I learned this one from Picks Over Peas:
1 rutabaga and/or some turnips
part of an onion (optional)
1/2-1 cup nut or soy milk OR
1/4 - 1/3 cup raw cashews and 1/2-1 cup water
(the amount depends on the size of your rutabaga--start small and add more as needed)
1-2 dates or dried apricots (optional)
Peel the rutabaga/turnips/parsnips, cut up and steam along with onion for 20 minutes. You can microwave the milk for 30 seconds to warm it up. Blend the rutabaga with the nut milk (or nuts and water) and dates. It's delicious! Now, I used the dates because I was fearful of rutabaga. Picks Over Peas didn't use dates. I thought I didn't like rutabaga but I really like this, so don't let your fear of rutabaga stop you--you can ease into it with the dates like I did.
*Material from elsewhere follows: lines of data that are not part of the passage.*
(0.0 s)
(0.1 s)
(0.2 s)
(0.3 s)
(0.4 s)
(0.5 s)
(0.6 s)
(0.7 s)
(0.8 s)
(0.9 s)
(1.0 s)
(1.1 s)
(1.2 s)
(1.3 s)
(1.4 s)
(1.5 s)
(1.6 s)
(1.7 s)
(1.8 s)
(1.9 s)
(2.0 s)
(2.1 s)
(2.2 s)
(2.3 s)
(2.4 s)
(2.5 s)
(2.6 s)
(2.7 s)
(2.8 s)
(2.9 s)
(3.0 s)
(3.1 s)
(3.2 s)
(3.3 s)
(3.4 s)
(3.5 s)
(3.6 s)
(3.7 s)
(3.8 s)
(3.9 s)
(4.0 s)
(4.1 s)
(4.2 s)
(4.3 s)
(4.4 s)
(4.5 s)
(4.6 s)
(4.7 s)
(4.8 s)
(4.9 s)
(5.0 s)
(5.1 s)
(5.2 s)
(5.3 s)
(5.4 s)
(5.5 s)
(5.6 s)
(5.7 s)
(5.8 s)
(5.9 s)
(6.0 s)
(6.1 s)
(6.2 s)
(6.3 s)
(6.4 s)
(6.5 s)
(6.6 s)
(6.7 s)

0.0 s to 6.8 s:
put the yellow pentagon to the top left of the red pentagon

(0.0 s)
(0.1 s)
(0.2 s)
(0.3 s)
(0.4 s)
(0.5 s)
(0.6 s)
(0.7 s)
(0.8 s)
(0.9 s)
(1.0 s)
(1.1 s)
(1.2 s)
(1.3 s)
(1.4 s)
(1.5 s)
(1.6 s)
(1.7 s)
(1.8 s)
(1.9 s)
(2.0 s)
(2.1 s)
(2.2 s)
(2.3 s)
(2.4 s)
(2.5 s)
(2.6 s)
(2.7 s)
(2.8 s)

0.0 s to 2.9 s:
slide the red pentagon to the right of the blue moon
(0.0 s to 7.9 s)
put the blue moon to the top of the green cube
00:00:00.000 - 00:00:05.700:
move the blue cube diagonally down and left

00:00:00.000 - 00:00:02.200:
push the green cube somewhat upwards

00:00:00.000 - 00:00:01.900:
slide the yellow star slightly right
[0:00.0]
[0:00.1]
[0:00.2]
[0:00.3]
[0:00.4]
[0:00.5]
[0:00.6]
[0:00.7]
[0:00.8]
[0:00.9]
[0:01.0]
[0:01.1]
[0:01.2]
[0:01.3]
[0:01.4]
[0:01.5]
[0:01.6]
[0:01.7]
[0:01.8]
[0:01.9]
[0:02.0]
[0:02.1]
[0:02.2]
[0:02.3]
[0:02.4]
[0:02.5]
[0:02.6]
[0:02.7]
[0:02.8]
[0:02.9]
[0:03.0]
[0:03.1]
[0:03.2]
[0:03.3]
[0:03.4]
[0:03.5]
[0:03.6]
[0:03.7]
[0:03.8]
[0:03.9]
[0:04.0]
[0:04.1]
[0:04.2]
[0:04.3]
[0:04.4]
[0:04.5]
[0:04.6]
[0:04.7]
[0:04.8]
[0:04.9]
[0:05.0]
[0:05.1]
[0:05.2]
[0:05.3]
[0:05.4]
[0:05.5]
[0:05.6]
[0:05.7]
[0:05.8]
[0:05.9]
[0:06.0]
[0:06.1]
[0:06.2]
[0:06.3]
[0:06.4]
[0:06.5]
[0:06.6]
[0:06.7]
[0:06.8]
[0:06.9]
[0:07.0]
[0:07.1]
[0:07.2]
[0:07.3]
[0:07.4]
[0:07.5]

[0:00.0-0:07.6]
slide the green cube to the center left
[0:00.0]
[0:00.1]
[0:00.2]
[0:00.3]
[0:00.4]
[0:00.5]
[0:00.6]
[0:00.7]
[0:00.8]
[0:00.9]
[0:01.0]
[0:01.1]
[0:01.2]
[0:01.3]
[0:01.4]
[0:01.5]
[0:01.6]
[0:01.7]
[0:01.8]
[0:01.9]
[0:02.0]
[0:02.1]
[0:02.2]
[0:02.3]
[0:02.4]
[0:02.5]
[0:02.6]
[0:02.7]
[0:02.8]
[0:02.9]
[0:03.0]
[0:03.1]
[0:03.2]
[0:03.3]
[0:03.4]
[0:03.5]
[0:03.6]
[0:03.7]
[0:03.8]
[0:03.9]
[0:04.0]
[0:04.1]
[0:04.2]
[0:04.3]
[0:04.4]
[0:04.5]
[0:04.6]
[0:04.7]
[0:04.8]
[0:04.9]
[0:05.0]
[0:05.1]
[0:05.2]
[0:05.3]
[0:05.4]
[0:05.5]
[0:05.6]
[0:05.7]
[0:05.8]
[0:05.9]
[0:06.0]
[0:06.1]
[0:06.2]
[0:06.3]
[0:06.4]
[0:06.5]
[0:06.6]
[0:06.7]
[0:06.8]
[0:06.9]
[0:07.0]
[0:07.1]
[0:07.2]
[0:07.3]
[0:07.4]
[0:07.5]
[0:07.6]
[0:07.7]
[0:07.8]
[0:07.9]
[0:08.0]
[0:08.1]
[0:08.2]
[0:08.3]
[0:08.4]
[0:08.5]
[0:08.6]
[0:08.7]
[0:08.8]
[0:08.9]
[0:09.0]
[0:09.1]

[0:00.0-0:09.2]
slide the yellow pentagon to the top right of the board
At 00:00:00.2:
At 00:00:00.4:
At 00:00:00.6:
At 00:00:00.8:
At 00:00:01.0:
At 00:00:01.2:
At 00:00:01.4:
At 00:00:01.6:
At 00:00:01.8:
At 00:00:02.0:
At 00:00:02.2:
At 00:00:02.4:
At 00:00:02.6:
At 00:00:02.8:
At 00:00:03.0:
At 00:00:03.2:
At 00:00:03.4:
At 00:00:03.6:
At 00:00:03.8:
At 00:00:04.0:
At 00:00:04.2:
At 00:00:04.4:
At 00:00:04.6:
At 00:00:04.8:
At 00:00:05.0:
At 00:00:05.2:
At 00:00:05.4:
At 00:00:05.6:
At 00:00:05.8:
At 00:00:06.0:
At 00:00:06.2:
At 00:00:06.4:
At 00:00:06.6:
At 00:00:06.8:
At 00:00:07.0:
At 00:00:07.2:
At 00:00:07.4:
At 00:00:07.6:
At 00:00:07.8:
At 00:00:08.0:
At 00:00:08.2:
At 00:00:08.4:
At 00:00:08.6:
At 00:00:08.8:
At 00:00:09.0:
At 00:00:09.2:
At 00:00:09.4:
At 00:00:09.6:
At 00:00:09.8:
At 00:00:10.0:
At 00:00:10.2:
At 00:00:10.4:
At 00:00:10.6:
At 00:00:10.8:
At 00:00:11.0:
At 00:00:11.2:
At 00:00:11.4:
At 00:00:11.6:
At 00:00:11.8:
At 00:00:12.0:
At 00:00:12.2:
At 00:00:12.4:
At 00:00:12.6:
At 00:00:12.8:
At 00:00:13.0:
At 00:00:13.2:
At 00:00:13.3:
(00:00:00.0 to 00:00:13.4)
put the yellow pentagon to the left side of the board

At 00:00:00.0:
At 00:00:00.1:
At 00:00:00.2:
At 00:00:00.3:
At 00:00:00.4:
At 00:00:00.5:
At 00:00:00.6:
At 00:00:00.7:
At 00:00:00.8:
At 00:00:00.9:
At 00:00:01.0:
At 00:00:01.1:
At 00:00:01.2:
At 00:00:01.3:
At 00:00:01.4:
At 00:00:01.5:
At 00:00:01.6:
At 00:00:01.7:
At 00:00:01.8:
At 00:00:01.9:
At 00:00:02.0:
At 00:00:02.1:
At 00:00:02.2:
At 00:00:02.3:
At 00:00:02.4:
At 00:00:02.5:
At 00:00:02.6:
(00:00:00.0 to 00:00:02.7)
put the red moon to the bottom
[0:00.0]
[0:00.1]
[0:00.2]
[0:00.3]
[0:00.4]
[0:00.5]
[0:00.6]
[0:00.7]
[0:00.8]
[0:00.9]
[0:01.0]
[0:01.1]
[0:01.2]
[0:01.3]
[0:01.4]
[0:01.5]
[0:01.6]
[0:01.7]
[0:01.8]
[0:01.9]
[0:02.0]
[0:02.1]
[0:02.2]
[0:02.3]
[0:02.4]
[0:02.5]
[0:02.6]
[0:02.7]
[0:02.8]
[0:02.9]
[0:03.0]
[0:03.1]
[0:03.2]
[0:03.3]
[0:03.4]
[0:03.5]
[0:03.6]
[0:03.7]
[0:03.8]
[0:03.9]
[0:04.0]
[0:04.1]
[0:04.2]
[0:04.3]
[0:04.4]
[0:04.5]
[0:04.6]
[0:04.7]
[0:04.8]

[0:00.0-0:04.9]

I've tried this with rutabaga, turnips, and rutabaga/turnips/parsnips. It's all good! Today I had this with steamed carrots, peas and corn. Super easy meal that tastes great. And it's healthier than mashed potatoes! We still get local all these root vegetables from our co-op. Note in the picture, my pureed rutabaga is a little brownish in color--that's from the color of my nut milk made from a bunch of different nuts and seeds. If I'd used cashews or almonds or soymilk, it would be whiter.